# [Work request]
None of the pictures should be copied, though every line of the listing must be printed exactly.
____ Given data
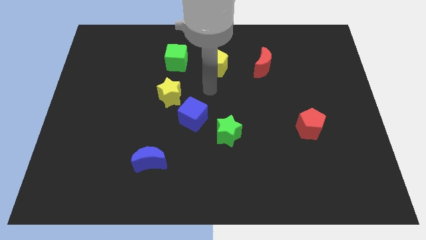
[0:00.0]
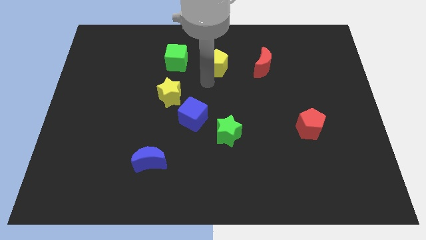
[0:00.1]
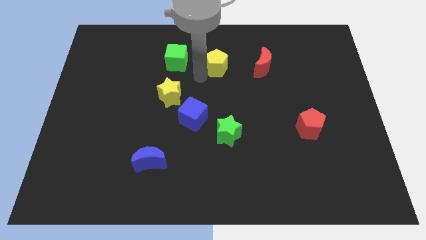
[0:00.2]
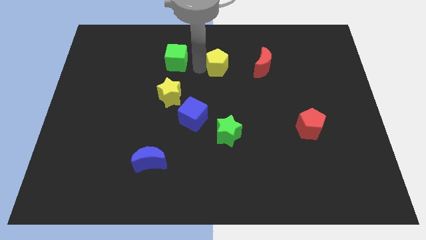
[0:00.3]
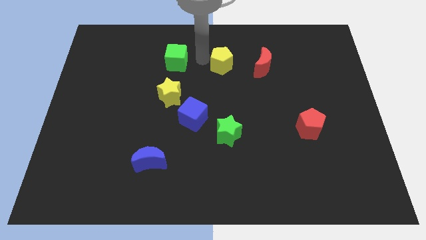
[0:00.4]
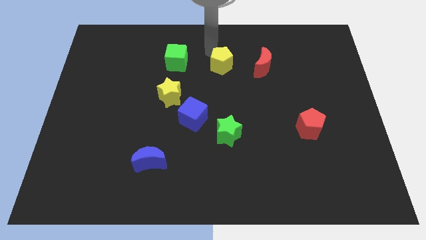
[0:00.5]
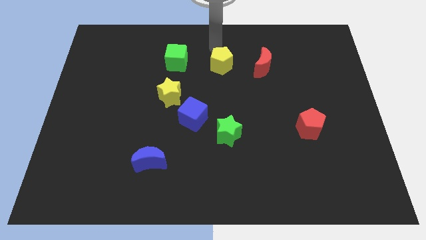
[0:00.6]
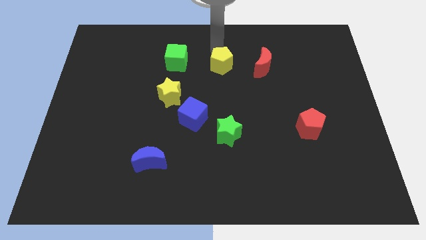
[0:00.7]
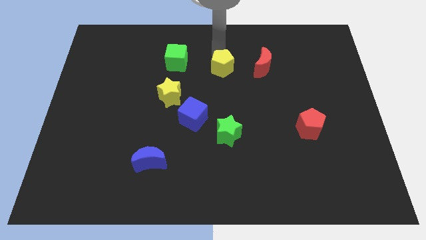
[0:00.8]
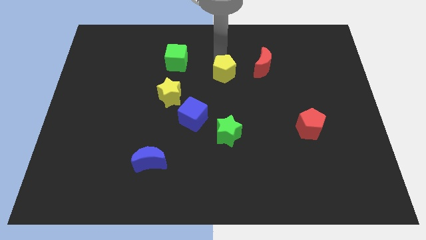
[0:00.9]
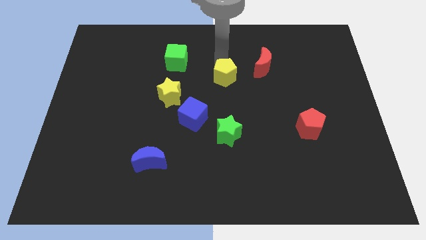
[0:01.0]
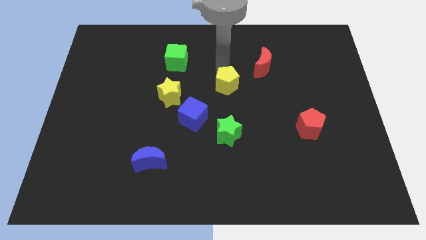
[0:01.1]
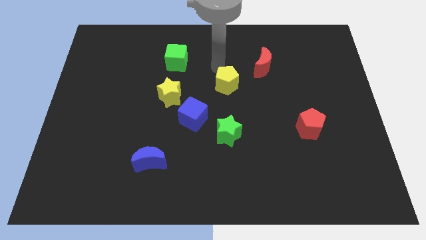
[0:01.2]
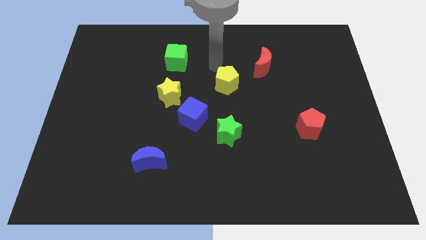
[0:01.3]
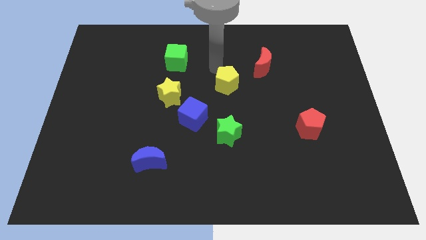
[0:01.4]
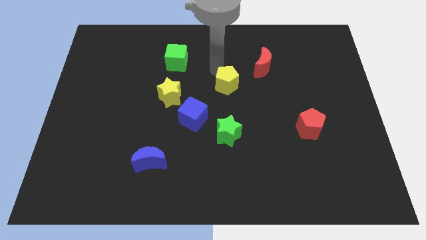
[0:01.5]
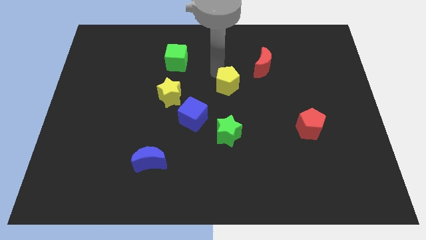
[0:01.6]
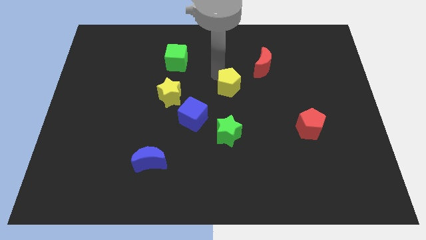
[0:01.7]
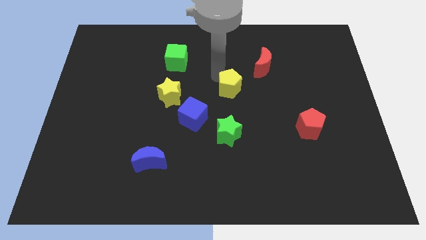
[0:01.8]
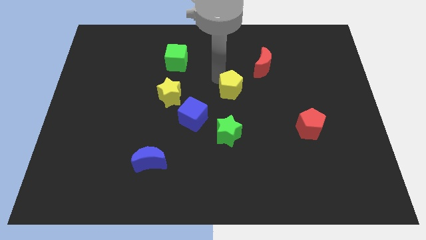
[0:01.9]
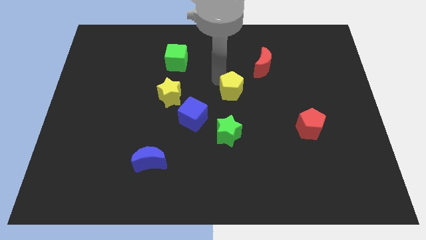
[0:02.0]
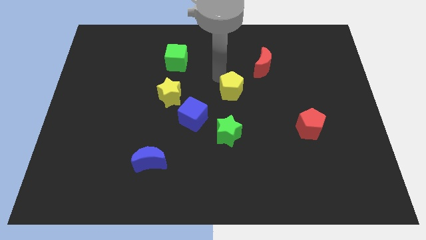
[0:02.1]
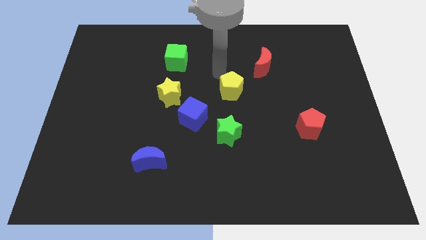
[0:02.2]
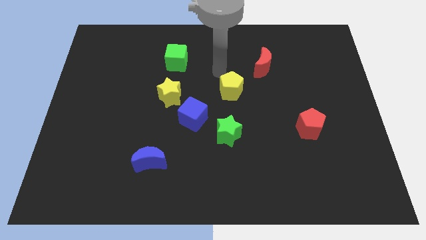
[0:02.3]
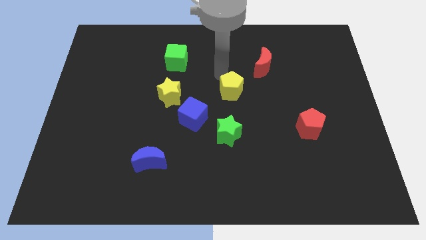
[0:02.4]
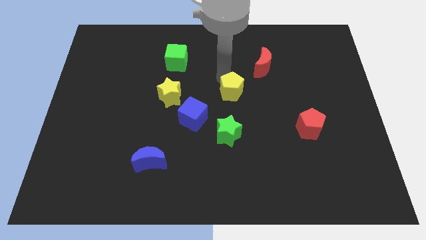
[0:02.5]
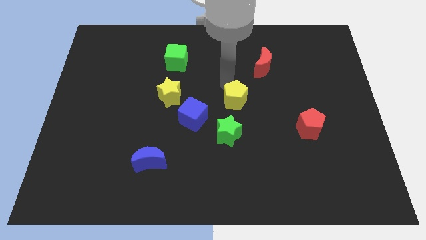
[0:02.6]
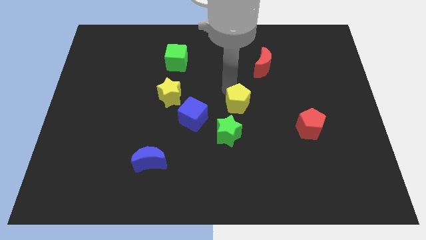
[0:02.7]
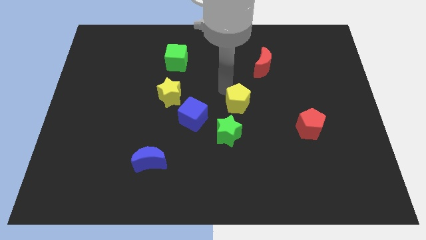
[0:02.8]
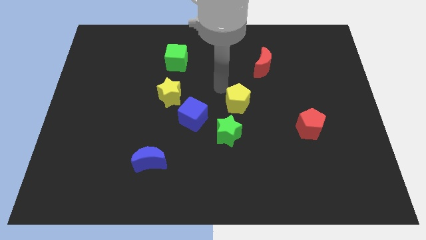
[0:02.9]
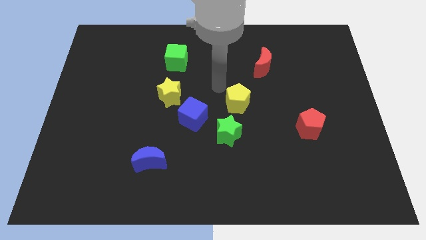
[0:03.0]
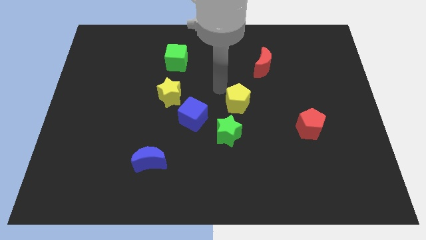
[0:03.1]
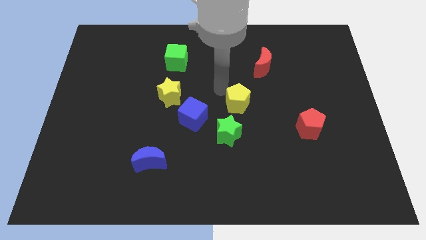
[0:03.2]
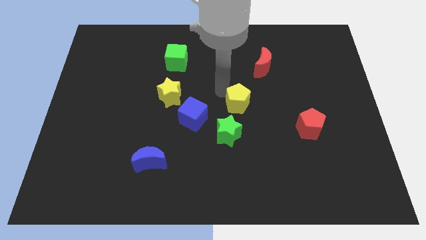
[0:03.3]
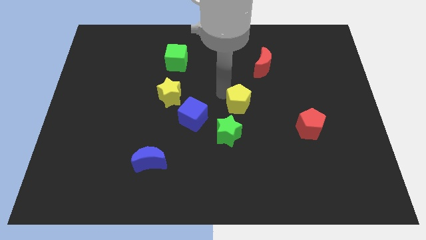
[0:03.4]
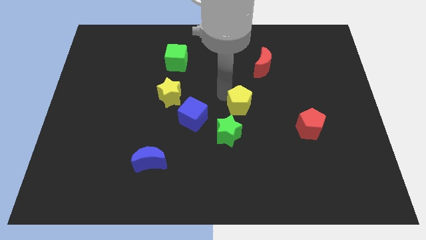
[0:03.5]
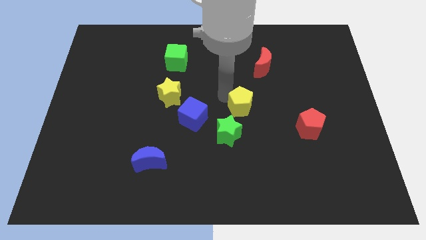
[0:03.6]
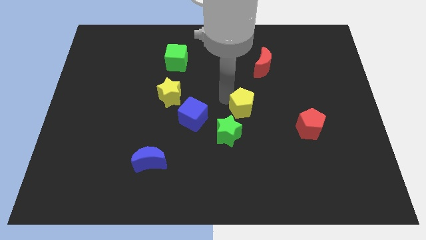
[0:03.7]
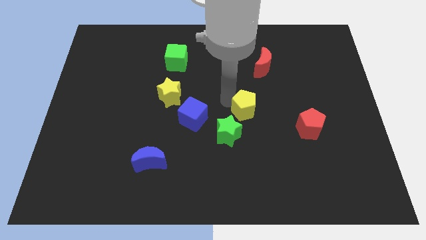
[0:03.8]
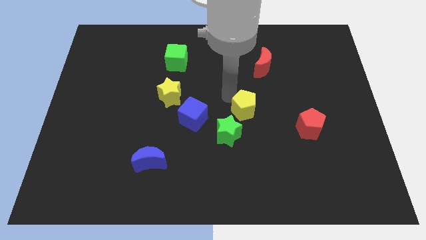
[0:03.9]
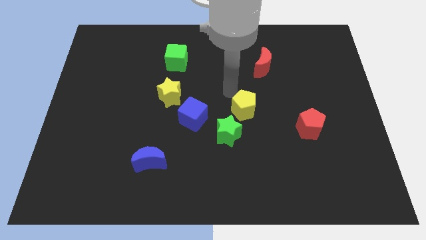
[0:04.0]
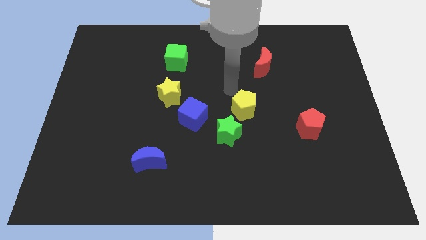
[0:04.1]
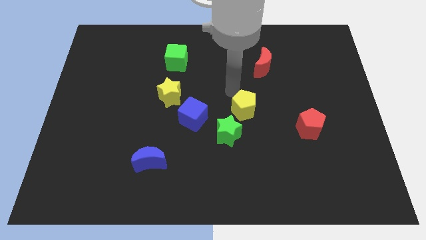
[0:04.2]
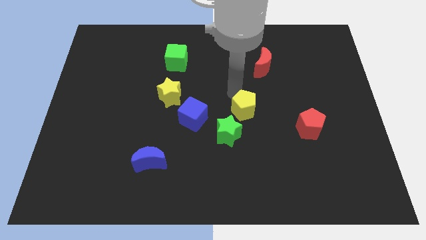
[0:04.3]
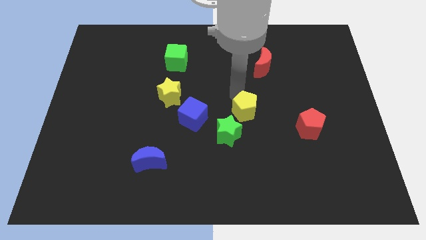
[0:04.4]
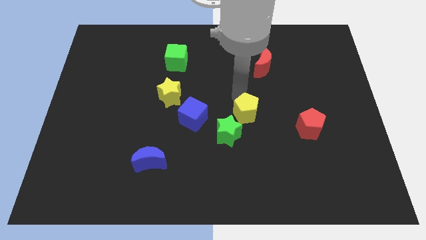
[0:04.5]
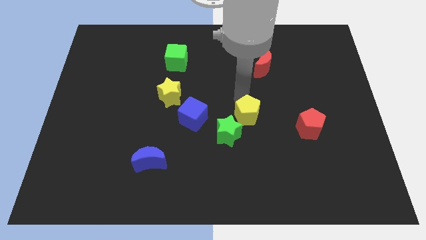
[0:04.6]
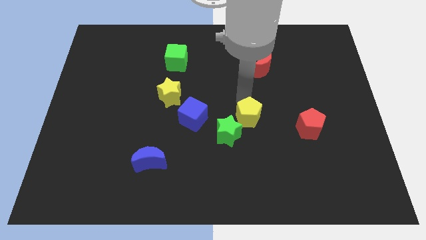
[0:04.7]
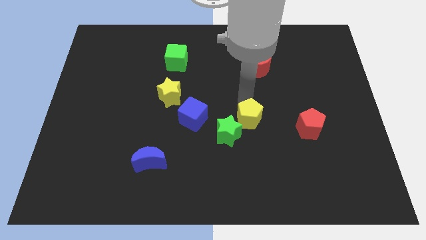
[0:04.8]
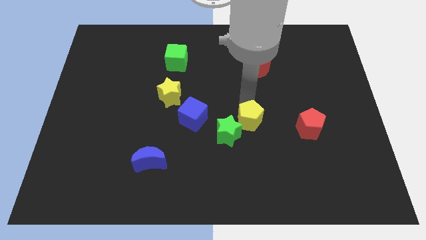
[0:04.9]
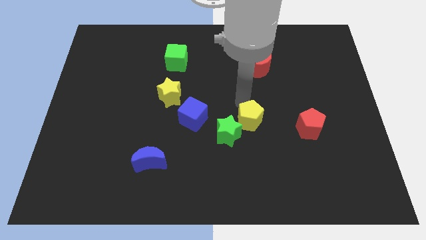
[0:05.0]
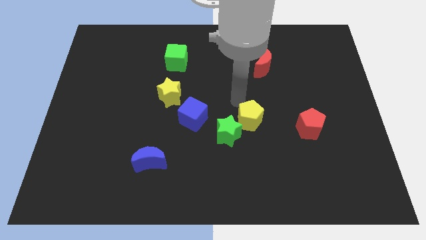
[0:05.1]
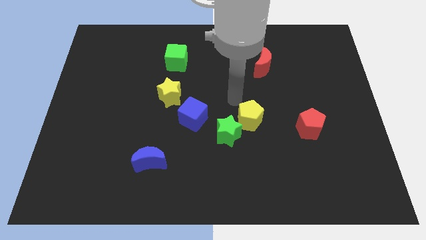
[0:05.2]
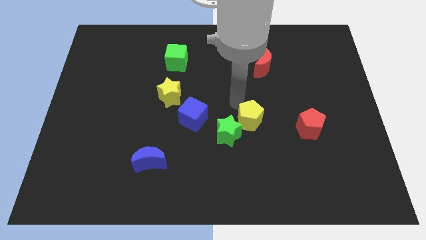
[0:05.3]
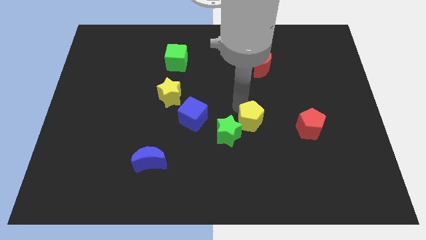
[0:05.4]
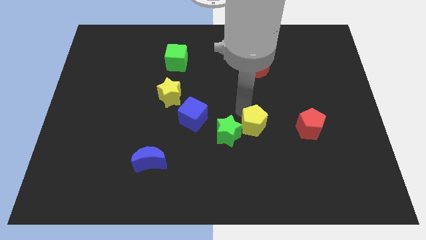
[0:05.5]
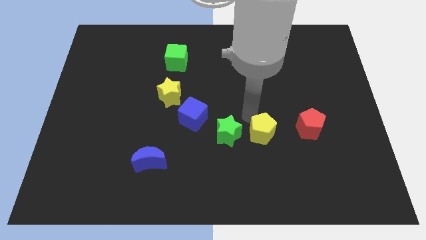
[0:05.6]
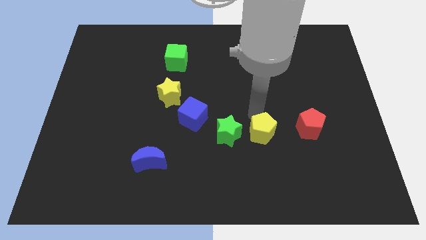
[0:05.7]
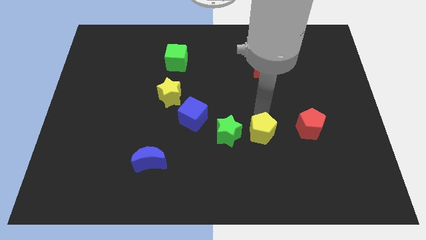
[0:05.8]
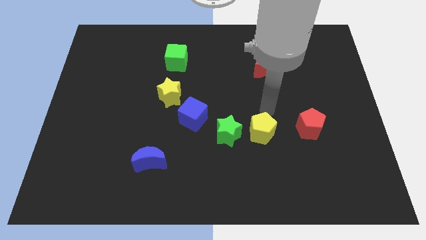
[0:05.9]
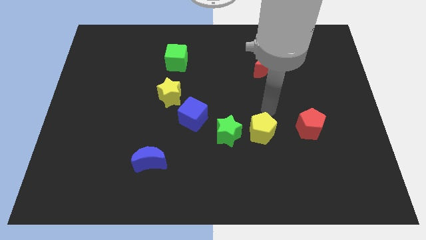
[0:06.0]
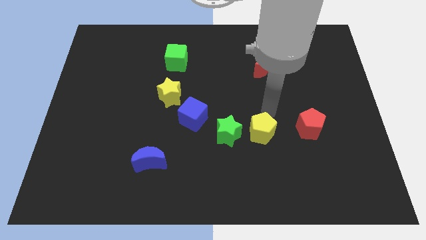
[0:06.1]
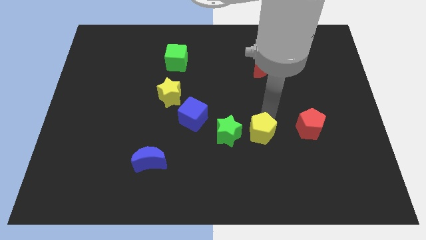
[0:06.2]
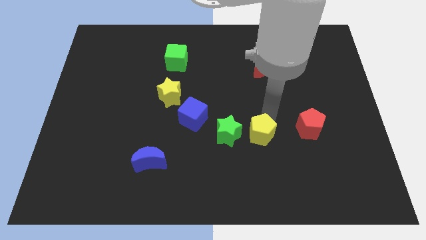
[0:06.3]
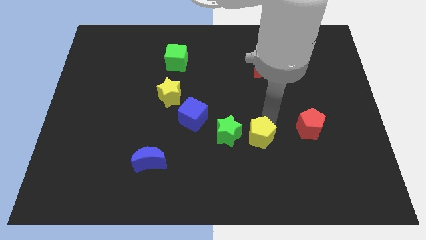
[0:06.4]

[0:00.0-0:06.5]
________
# [Answer area]
[0:00.0]
[0:00.1]
[0:00.2]
[0:00.3]
[0:00.4]
[0:00.5]
[0:00.6]
[0:00.7]
[0:00.8]
[0:00.9]
[0:01.0]
[0:01.1]
[0:01.2]
[0:01.3]
[0:01.4]
[0:01.5]
[0:01.6]
[0:01.7]
[0:01.8]
[0:01.9]
[0:02.0]
[0:02.1]
[0:02.2]
[0:02.3]
[0:02.4]
[0:02.5]
[0:02.6]
[0:02.7]
[0:02.8]
[0:02.9]
[0:03.0]
[0:03.1]
[0:03.2]
[0:03.3]
[0:03.4]
[0:03.5]
[0:03.6]
[0:03.7]
[0:03.8]
[0:03.9]
[0:04.0]
[0:04.1]
[0:04.2]
[0:04.3]
[0:04.4]
[0:04.5]
[0:04.6]
[0:04.7]
[0:04.8]
[0:04.9]
[0:05.0]
[0:05.1]
[0:05.2]
[0:05.3]
[0:05.4]
[0:05.5]
[0:05.6]
[0:05.7]
[0:05.8]
[0:05.9]
[0:06.0]
[0:06.1]
[0:06.2]
[0:06.3]
[0:06.4]

[0:00.0-0:06.5]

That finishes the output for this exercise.